Прошло тридцать лет. За это время я проделал шестнадцать экспедиций, пять последних в качестве начальника экспедиции, написал полтораста научных статей и несколько книг. У начальников экспедиций в те времена было так много обязанностей и так мало прав, деятельность их была скована такой уймой бессмысленных запретов и предписаний, что им то и дело приходилось встречаться с ревизорами и сотрудниками ОБХСС, и частенько перед нами маячили следствие и суд, но меня судьба миновала. И вот когда я уже перестал ездить в экспедиции и поверил, что меня минула чаша сия, потому что за мной теперь грехов и быть не может, пришел мой черед. По бокам встали молодые конвоиры, я оказался на жесткой скамье — сначала перед разговорчивыми следователями, потом перед молчаливыми судьями, а в промежутках все это время — в тюремной камере, перед понурыми сокамерниками.
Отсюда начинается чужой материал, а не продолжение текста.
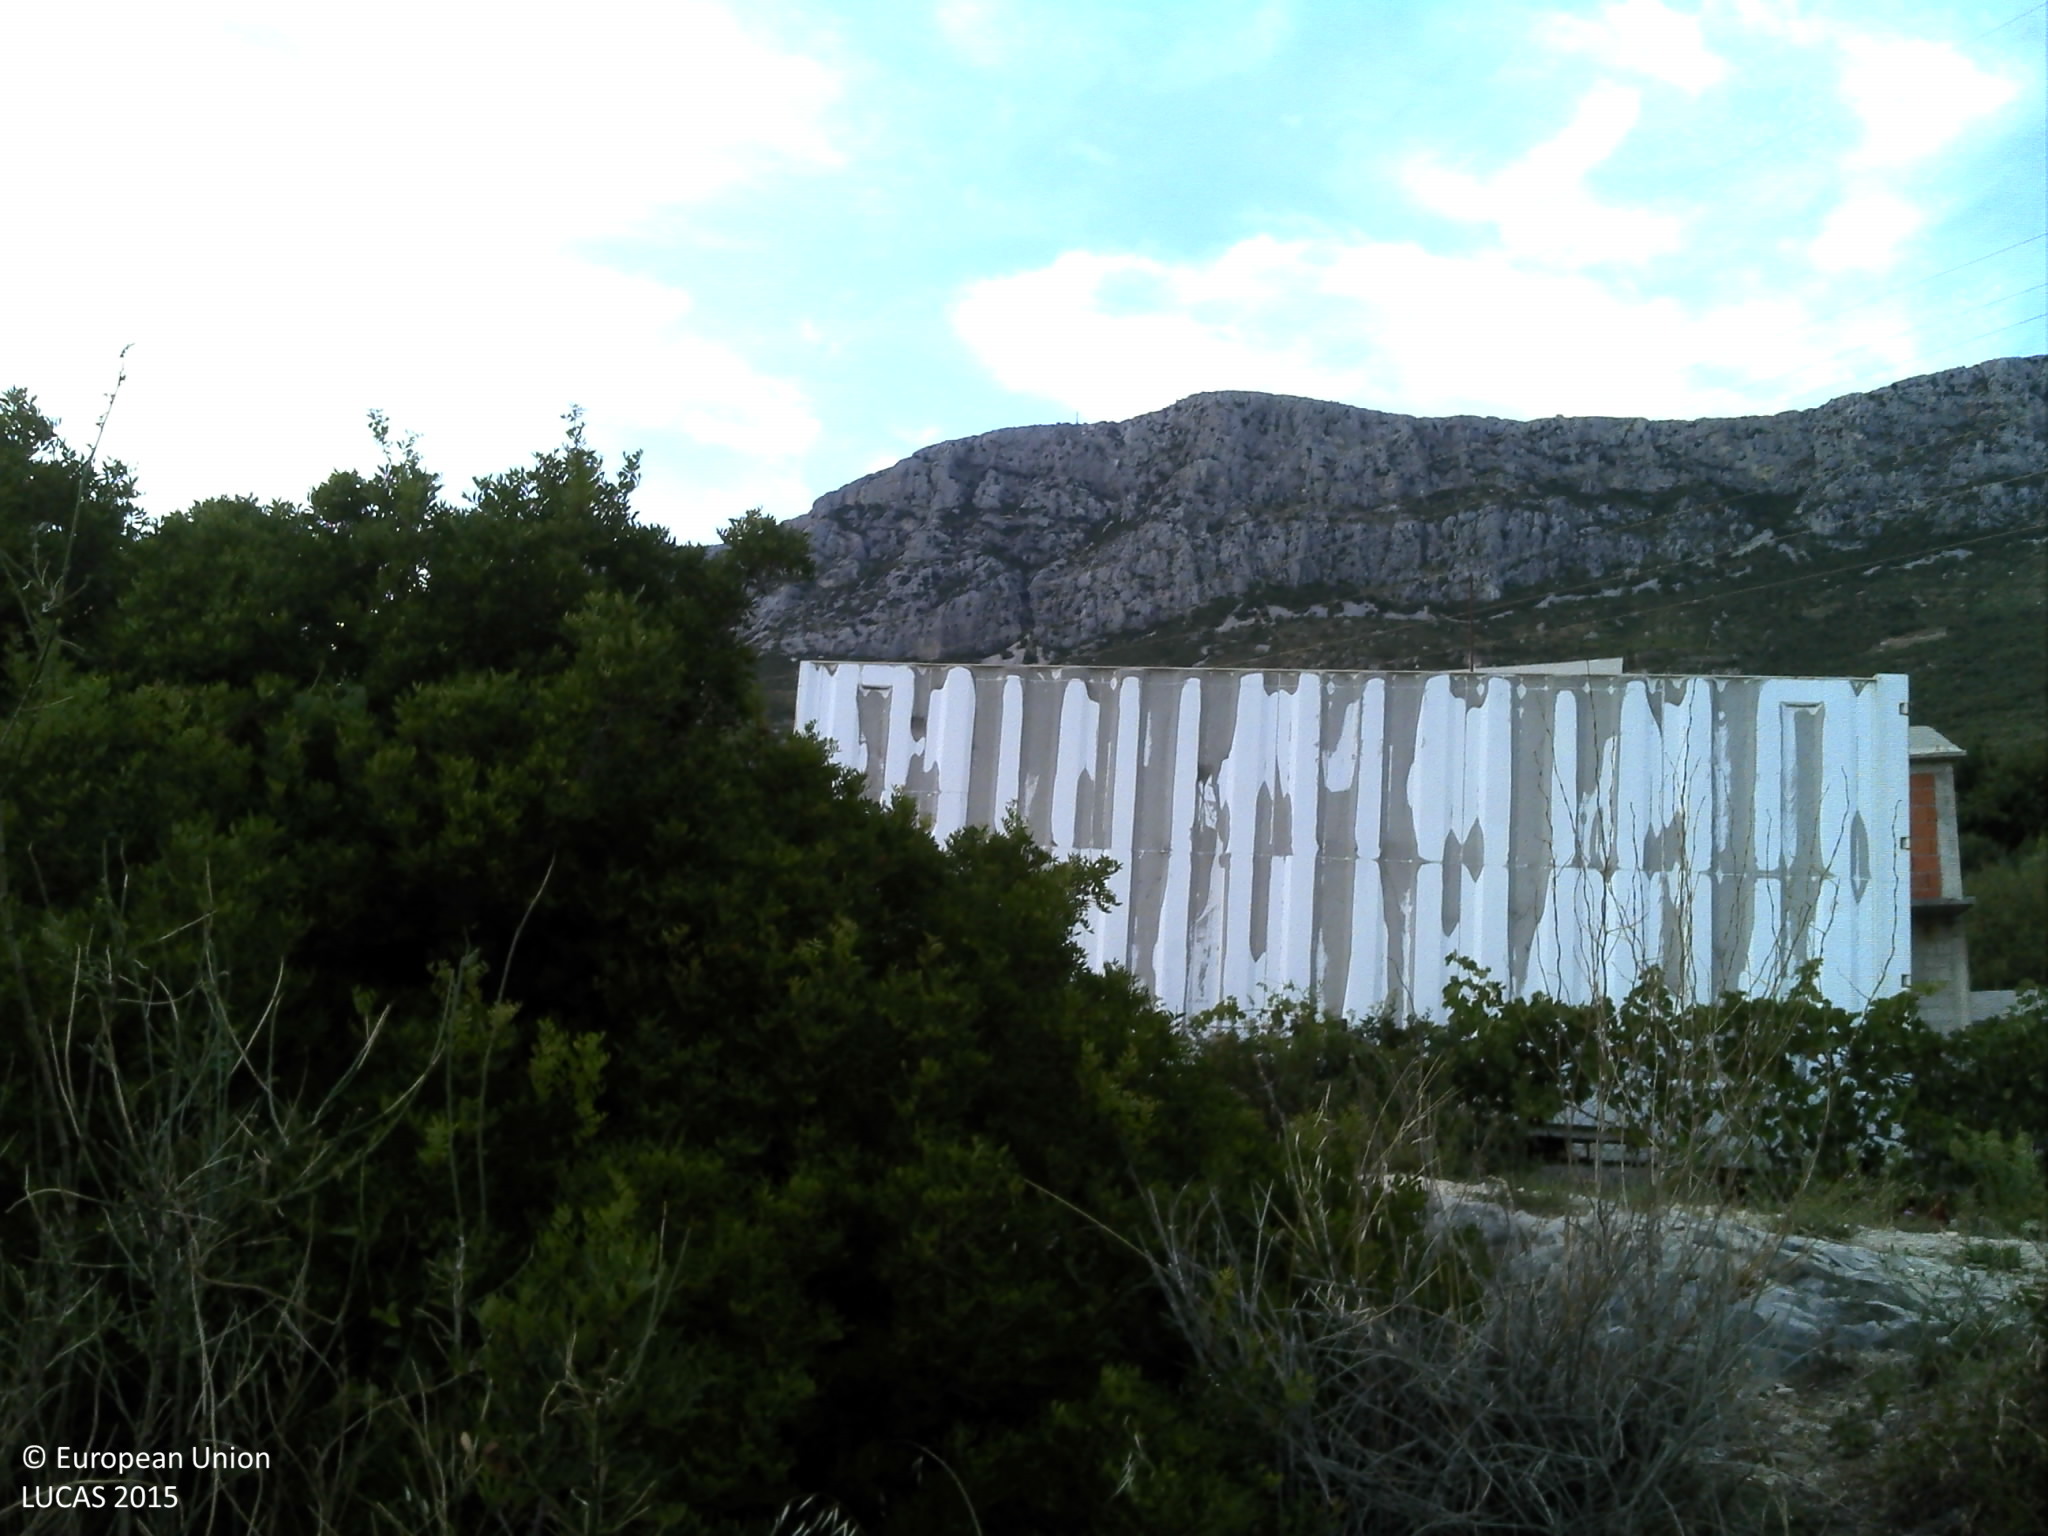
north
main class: Shrubland
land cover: Shrubland without tree cover
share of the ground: 25 - 50 %
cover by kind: shrubs 40 %, herbaceous plants 30 %, consolidated bare surface 10 %
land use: Residential
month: September
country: HR
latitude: 43.5549
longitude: 16.4155
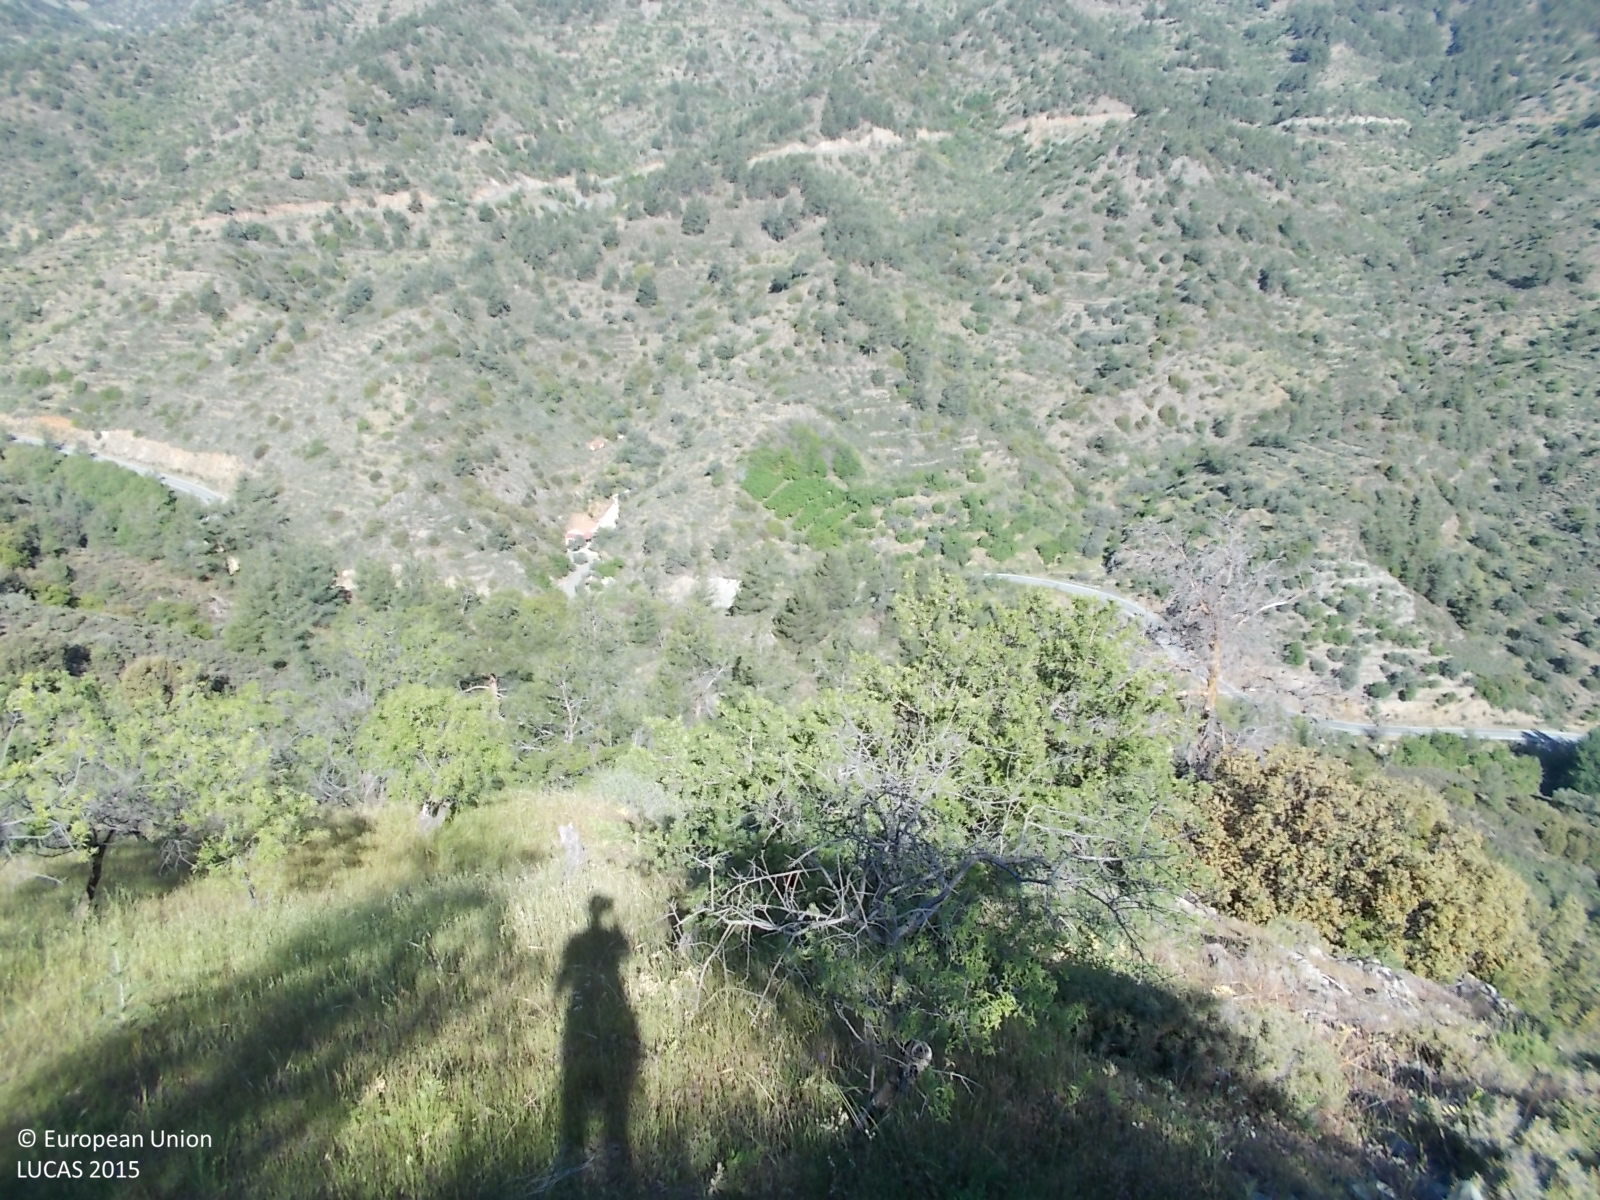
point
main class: Woodland
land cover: Pine dominated coniferous woodland
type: coniferous forest of the mediterranean region
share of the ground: > 75 %
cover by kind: coniferous forest trees 100 %
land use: Semi-natural and natural areas not in use
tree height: > 5 m
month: May
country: CY
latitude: 34.9676
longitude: 33.0545
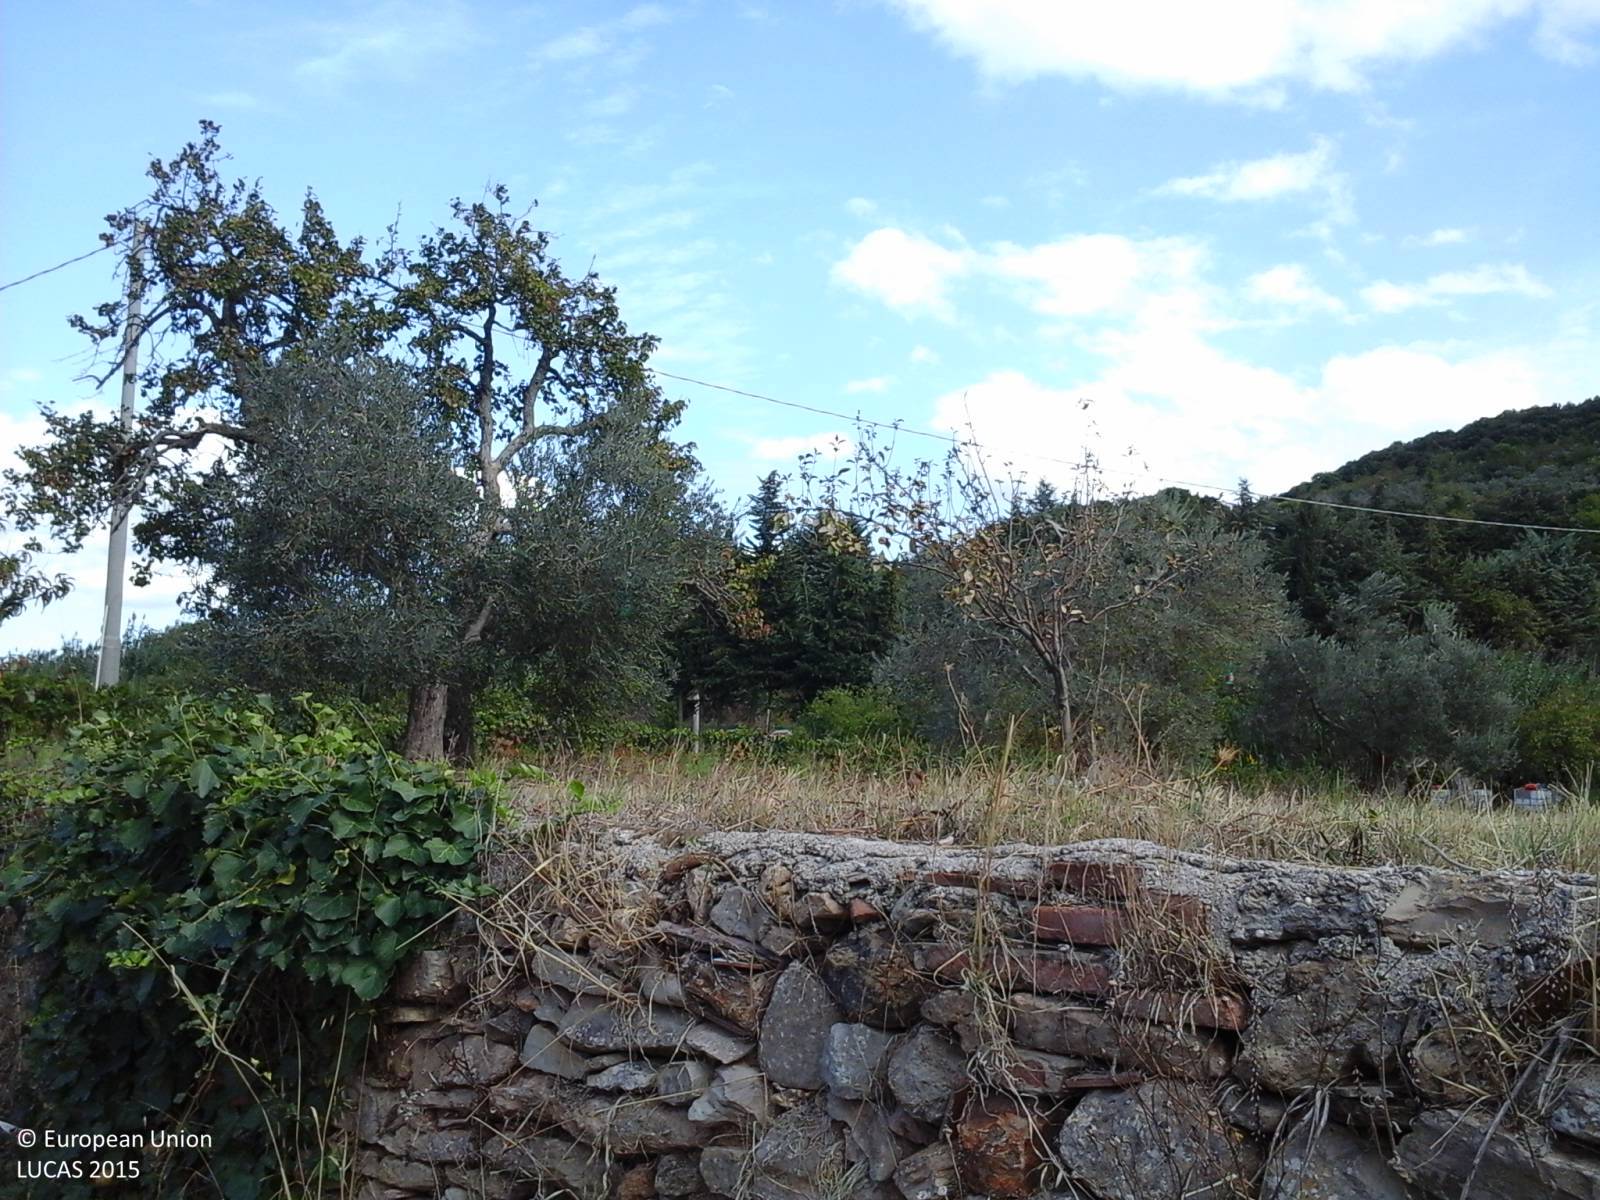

Не буду описывать, как я добивался оправдания, а не добившись и отбыв срок полностью — реабилитации. Речь не о том. Когда прозвучал приговор и я понял, что мне предстоит долгий путь, пройденный до меня многими, я подумал, что в любых обстоятельствах надо оставаться верным своему призванию — науке. В сущности мне предстоит семнадцатая экспедиция — этнографическая. Вероятно, это будет самая трудная из моих экспедиций, может быть, опасная для здоровья, но, пожалуй, и самая интересная. Экспедиция в мир, совершенно чуждый, не освещенный в литературе (или выборочно освещенный в неподцензуреных мемуарах), плохо изученный. И я вскинул свою котомку на плечо, готовый наблюдать запоминать и осмысливать.